:: PROVIDED DATA ::
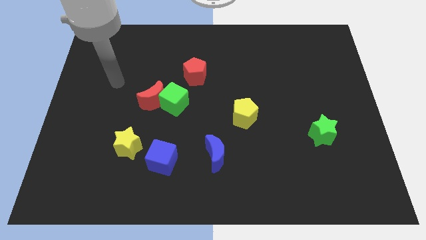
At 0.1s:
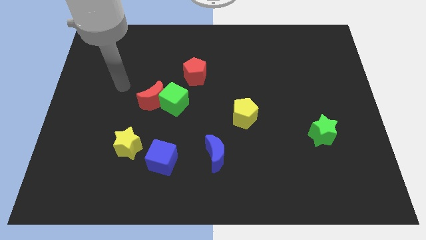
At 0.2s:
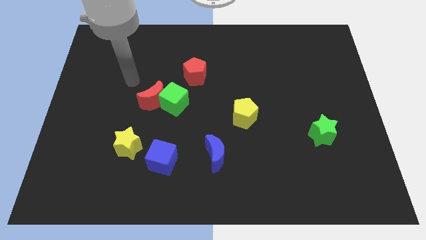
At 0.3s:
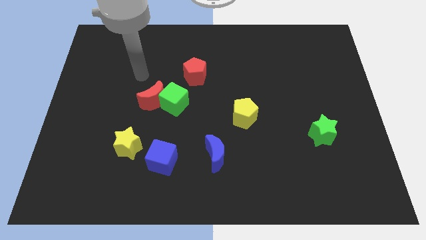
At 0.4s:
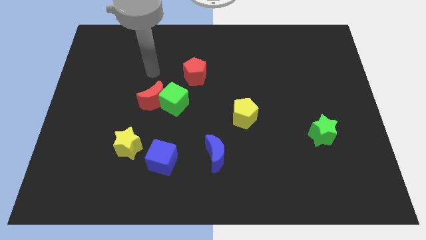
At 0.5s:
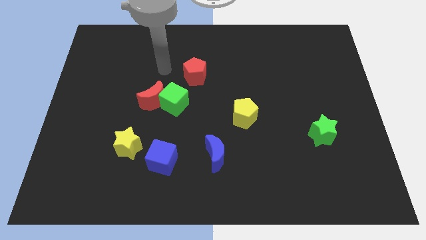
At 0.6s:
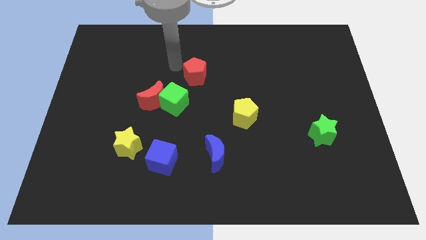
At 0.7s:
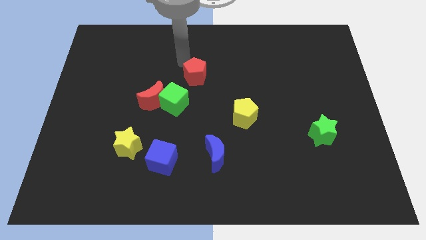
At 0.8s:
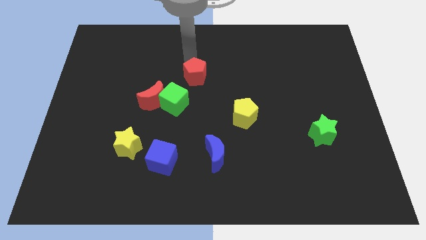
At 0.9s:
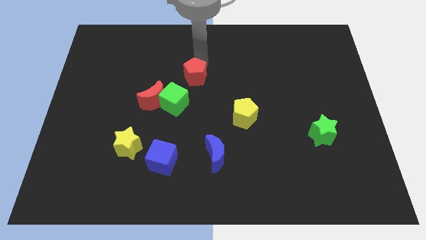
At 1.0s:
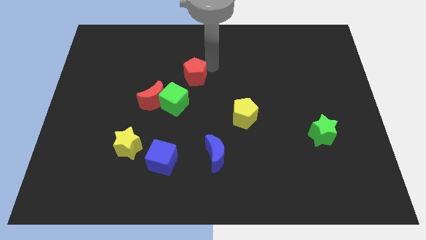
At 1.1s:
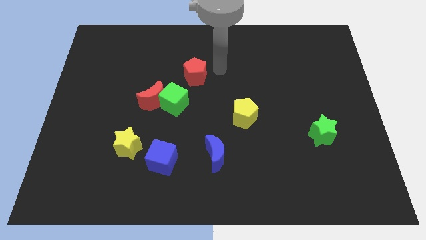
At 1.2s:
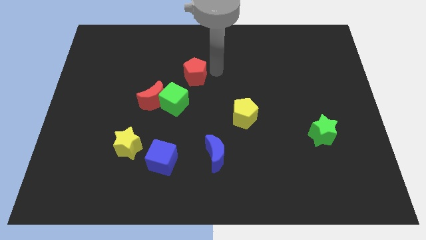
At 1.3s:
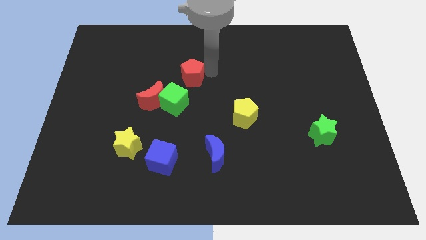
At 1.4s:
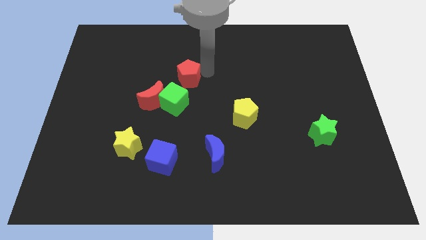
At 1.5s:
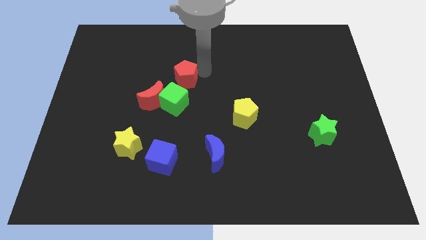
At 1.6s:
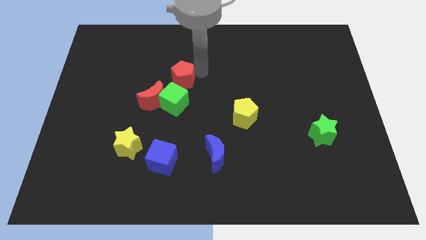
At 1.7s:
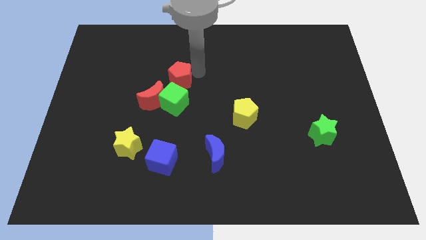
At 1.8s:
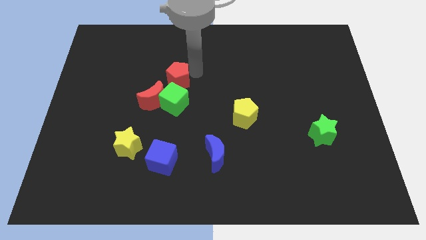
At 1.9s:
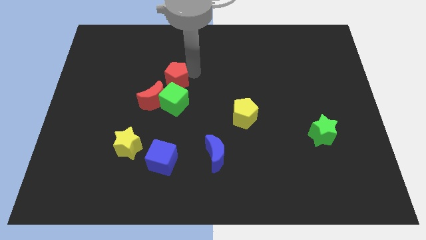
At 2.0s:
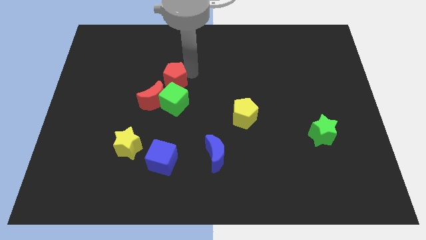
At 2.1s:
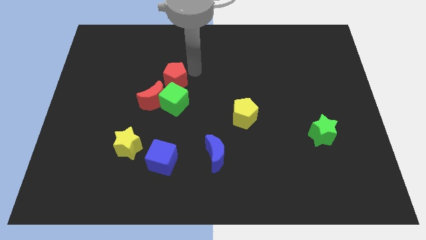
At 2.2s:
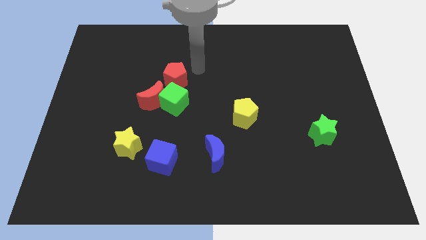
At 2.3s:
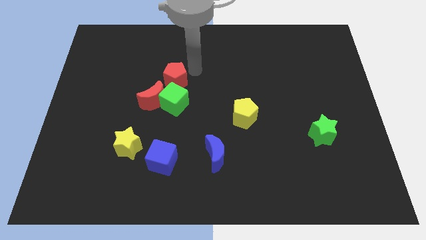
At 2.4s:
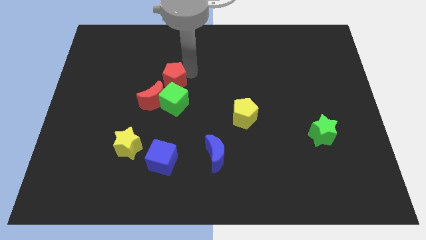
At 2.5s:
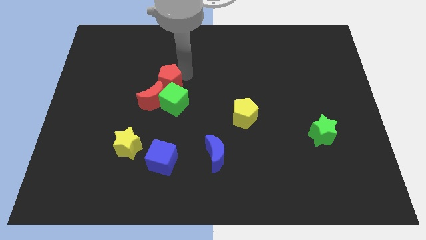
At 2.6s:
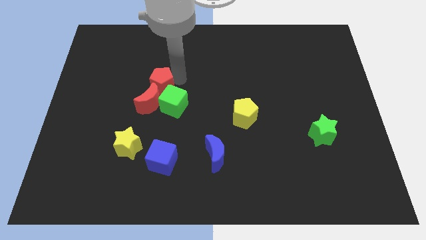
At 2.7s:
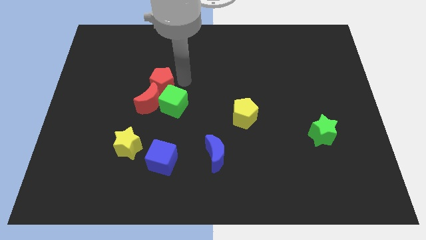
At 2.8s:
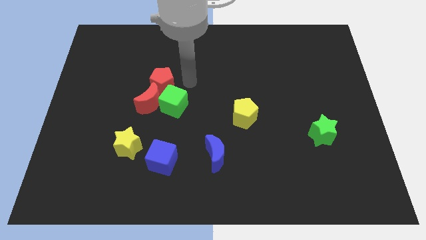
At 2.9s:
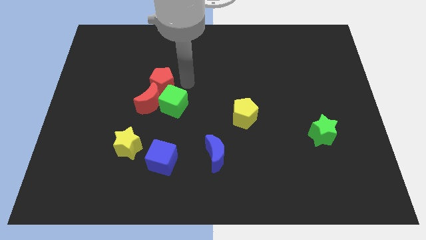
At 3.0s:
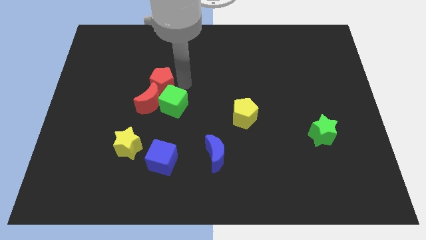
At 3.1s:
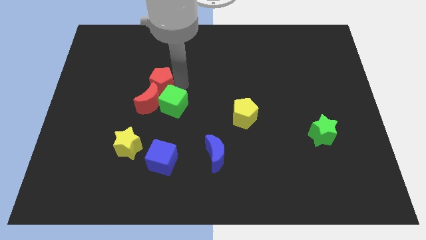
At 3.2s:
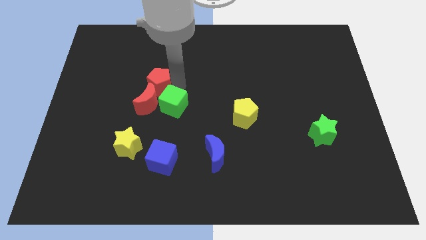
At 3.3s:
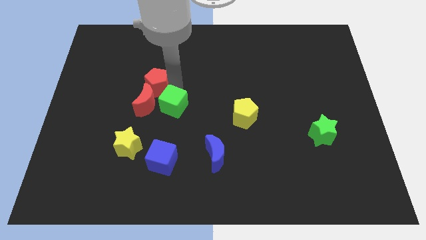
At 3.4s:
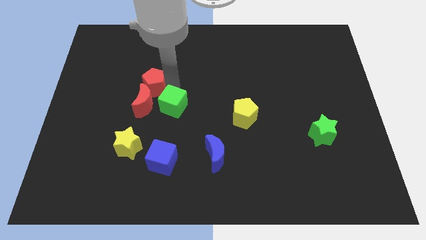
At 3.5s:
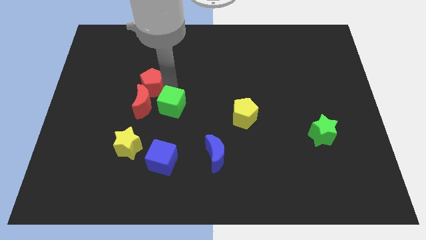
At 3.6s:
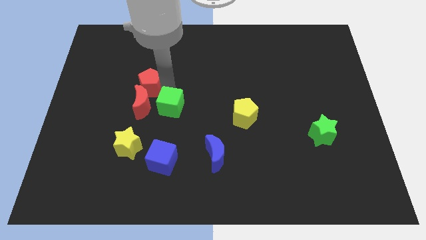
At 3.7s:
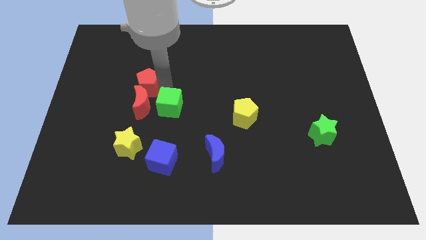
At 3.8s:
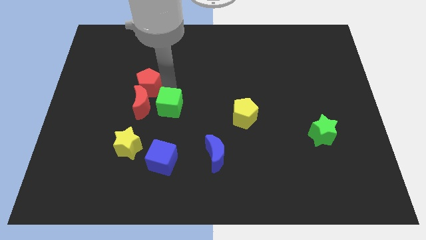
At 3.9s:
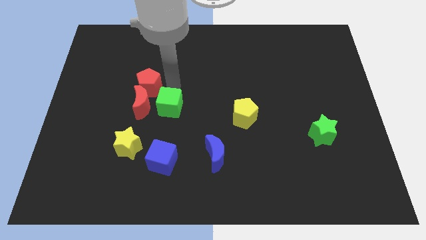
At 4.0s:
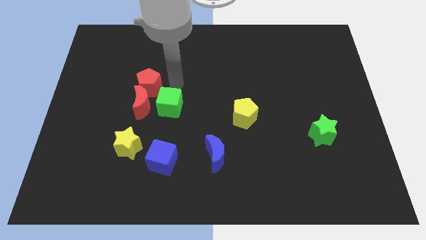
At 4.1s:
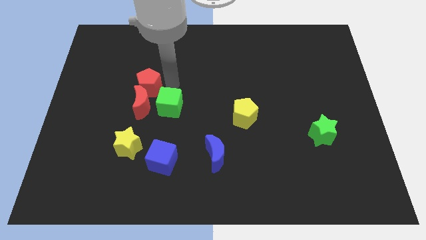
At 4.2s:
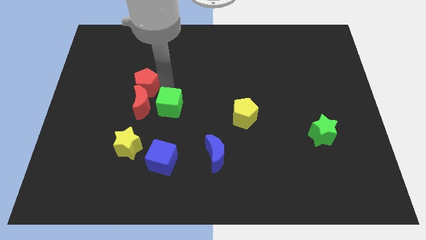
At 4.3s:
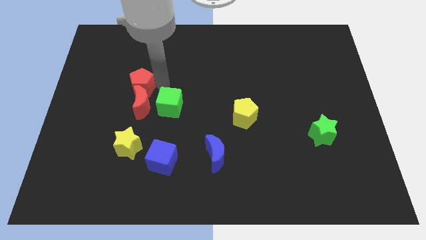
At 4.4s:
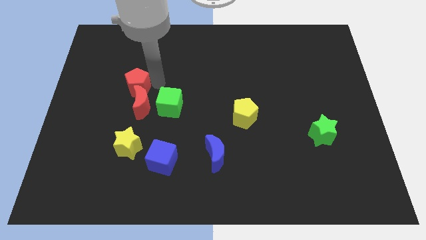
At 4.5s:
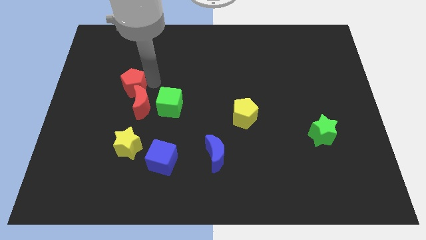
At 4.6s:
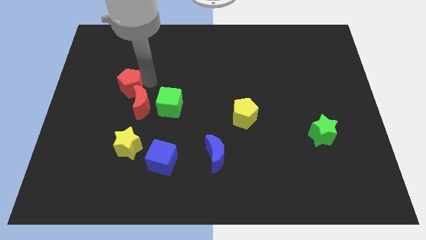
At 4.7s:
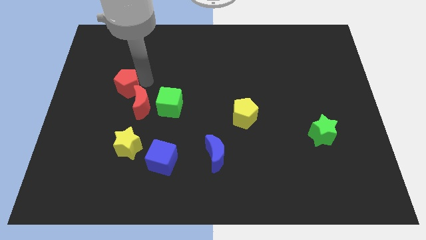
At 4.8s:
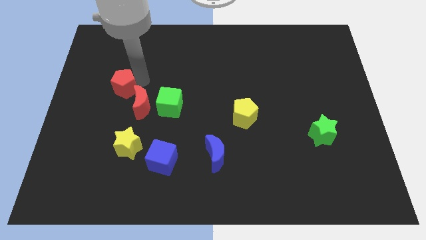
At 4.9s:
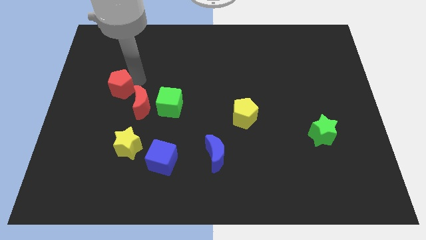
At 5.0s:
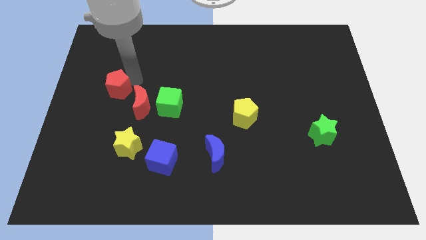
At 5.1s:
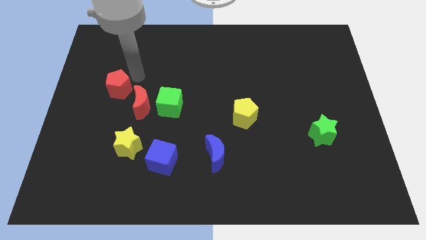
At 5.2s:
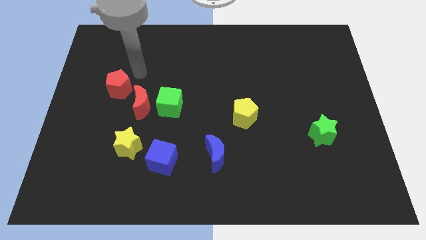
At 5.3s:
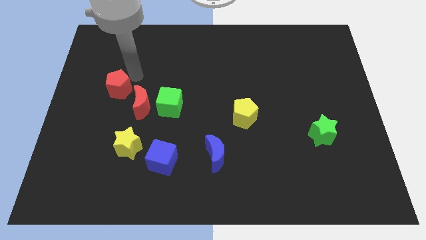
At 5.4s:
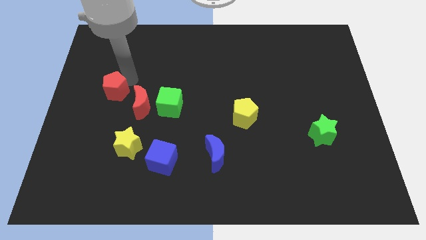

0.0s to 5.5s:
put the red pentagon to the left side of the red moon
:::
◆ WHAT YOU ARE ASKED TO DO: Word for word, return the records shown above without their pictures.

◆ FINAL ANSWER:
At 0.1s:
At 0.2s:
At 0.3s:
At 0.4s:
At 0.5s:
At 0.6s:
At 0.7s:
At 0.8s:
At 0.9s:
At 1.0s:
At 1.1s:
At 1.2s:
At 1.3s:
At 1.4s:
At 1.5s:
At 1.6s:
At 1.7s:
At 1.8s:
At 1.9s:
At 2.0s:
At 2.1s:
At 2.2s:
At 2.3s:
At 2.4s:
At 2.5s:
At 2.6s:
At 2.7s:
At 2.8s:
At 2.9s:
At 3.0s:
At 3.1s:
At 3.2s:
At 3.3s:
At 3.4s:
At 3.5s:
At 3.6s:
At 3.7s:
At 3.8s:
At 3.9s:
At 4.0s:
At 4.1s:
At 4.2s:
At 4.3s:
At 4.4s:
At 4.5s:
At 4.6s:
At 4.7s:
At 4.8s:
At 4.9s:
At 5.0s:
At 5.1s:
At 5.2s:
At 5.3s:
At 5.4s:

0.0s to 5.5s:
put the red pentagon to the left side of the red moon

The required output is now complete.